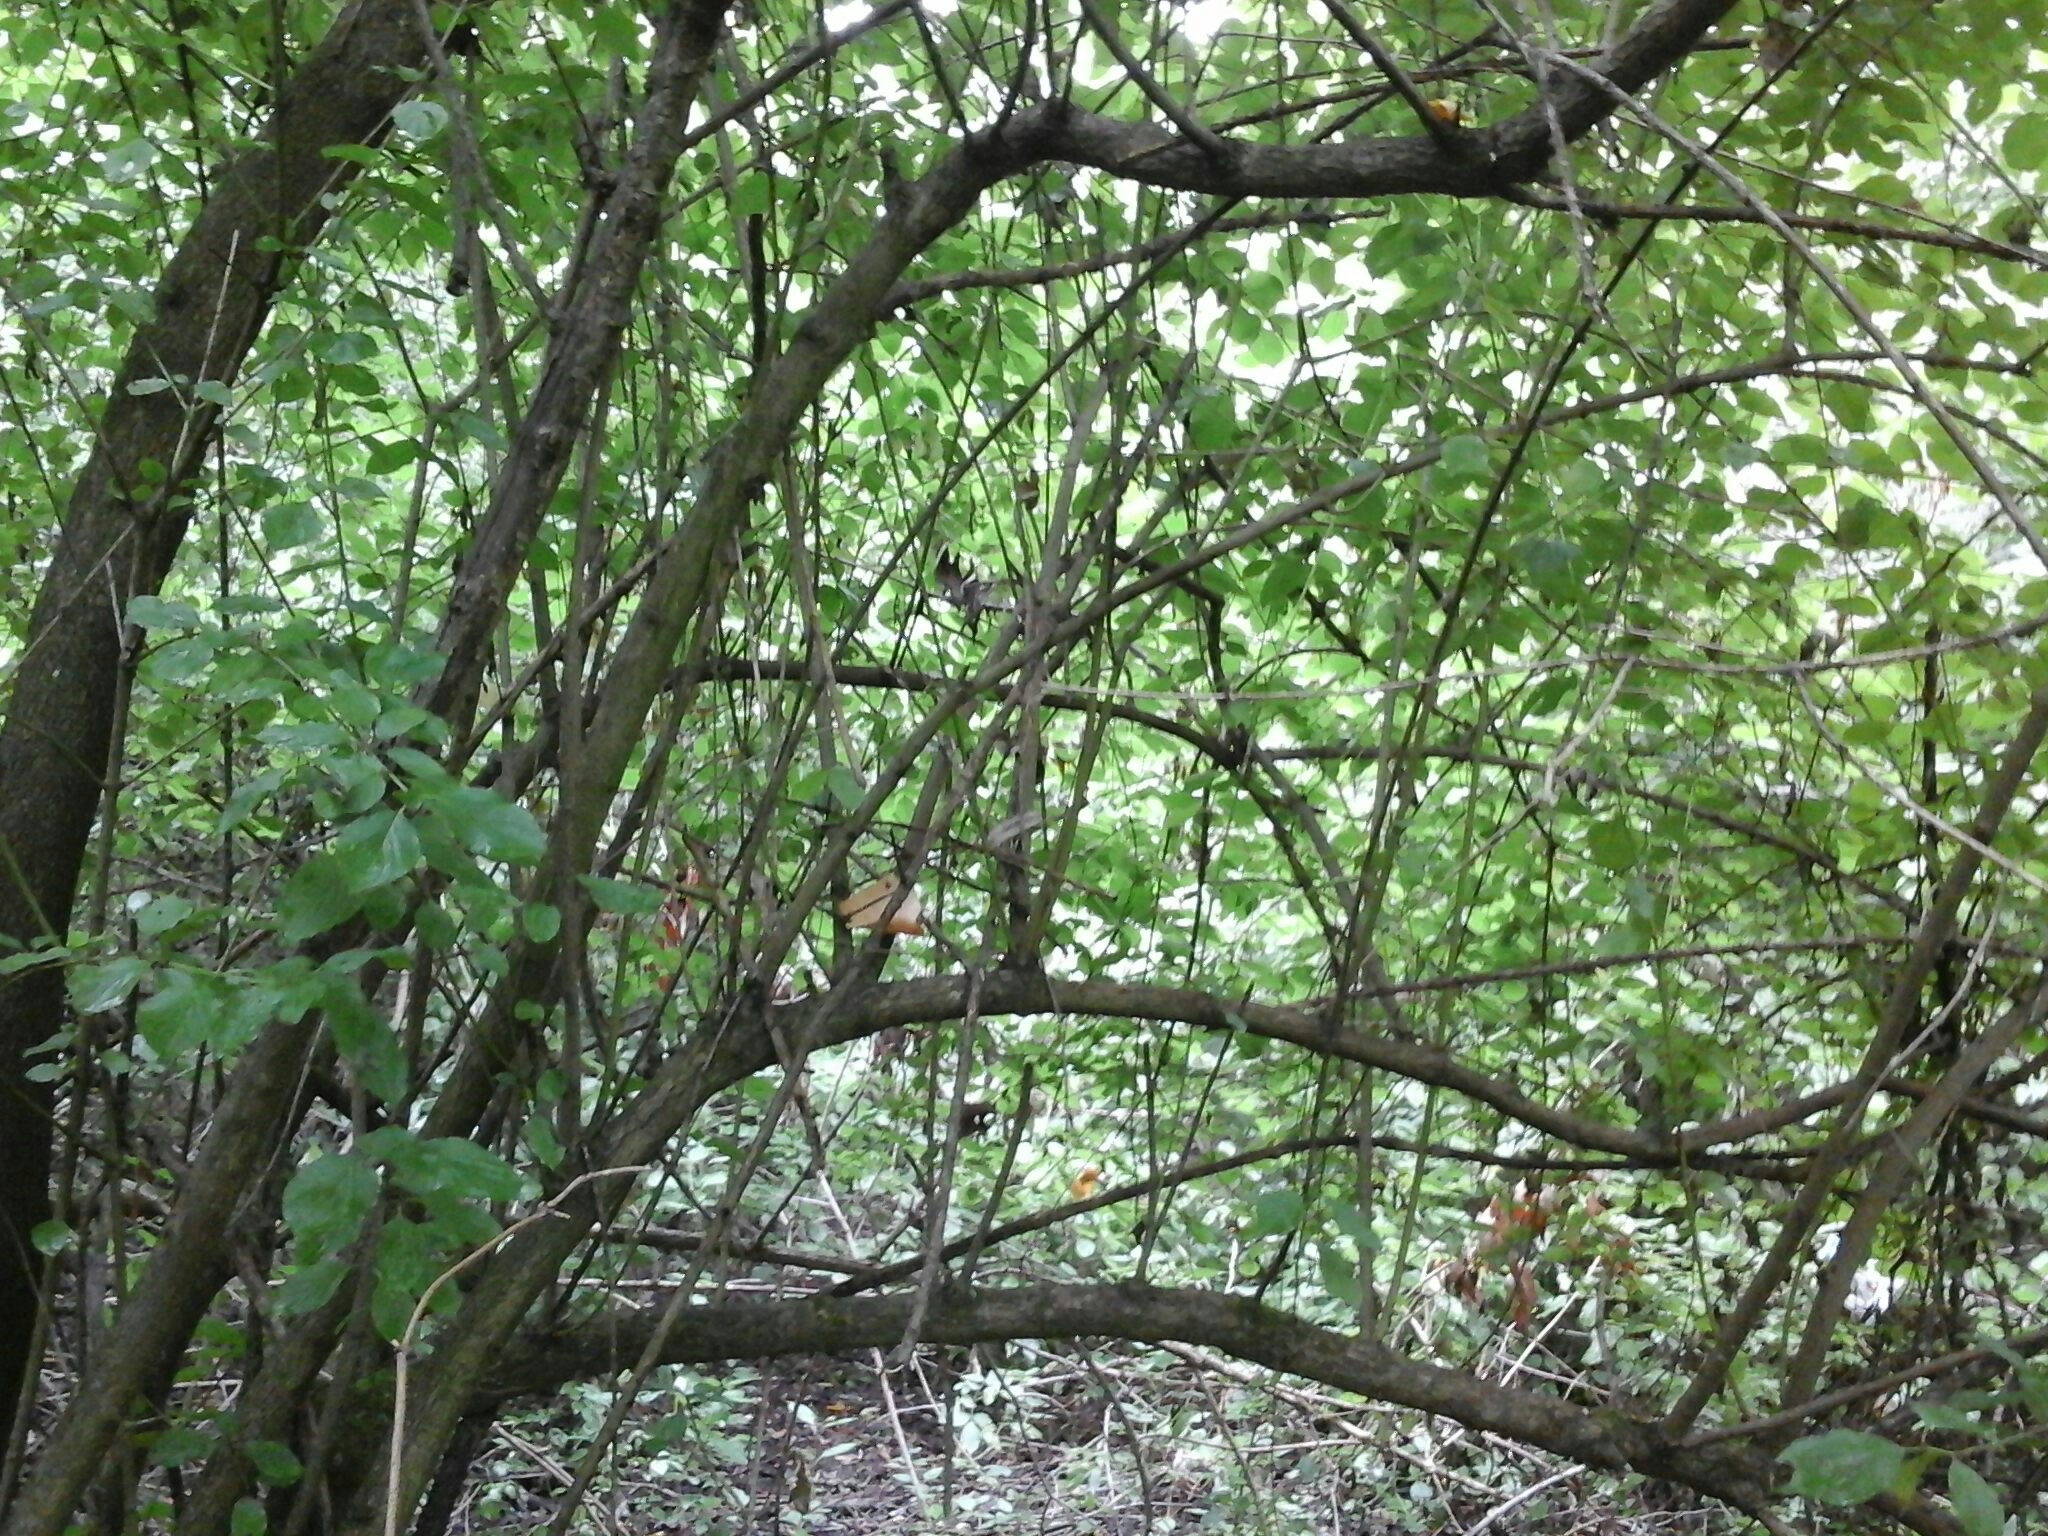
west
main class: Woodland
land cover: Broadleaved woodland
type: floodplain forest
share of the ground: > 75 %
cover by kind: broadleaved forest trees 95 %, herbaceous plants 5 %
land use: Forestry
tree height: > 5 m
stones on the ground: < 10 %
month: July
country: HU
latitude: 48.3362
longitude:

**Description of the task:** Using the entries above, copy exactly the lines from the one containing "main class: Woodland" through the last, both included.

**Exercise response:**
main class: Woodland
land cover: Broadleaved woodland
type: floodplain forest
share of the ground: > 75 %
cover by kind: broadleaved forest trees 95 %, herbaceous plants 5 %
land use: Forestry
tree height: > 5 m
stones on the ground: < 10 %
month: July
country: HU
latitude: 48.3362
longitude:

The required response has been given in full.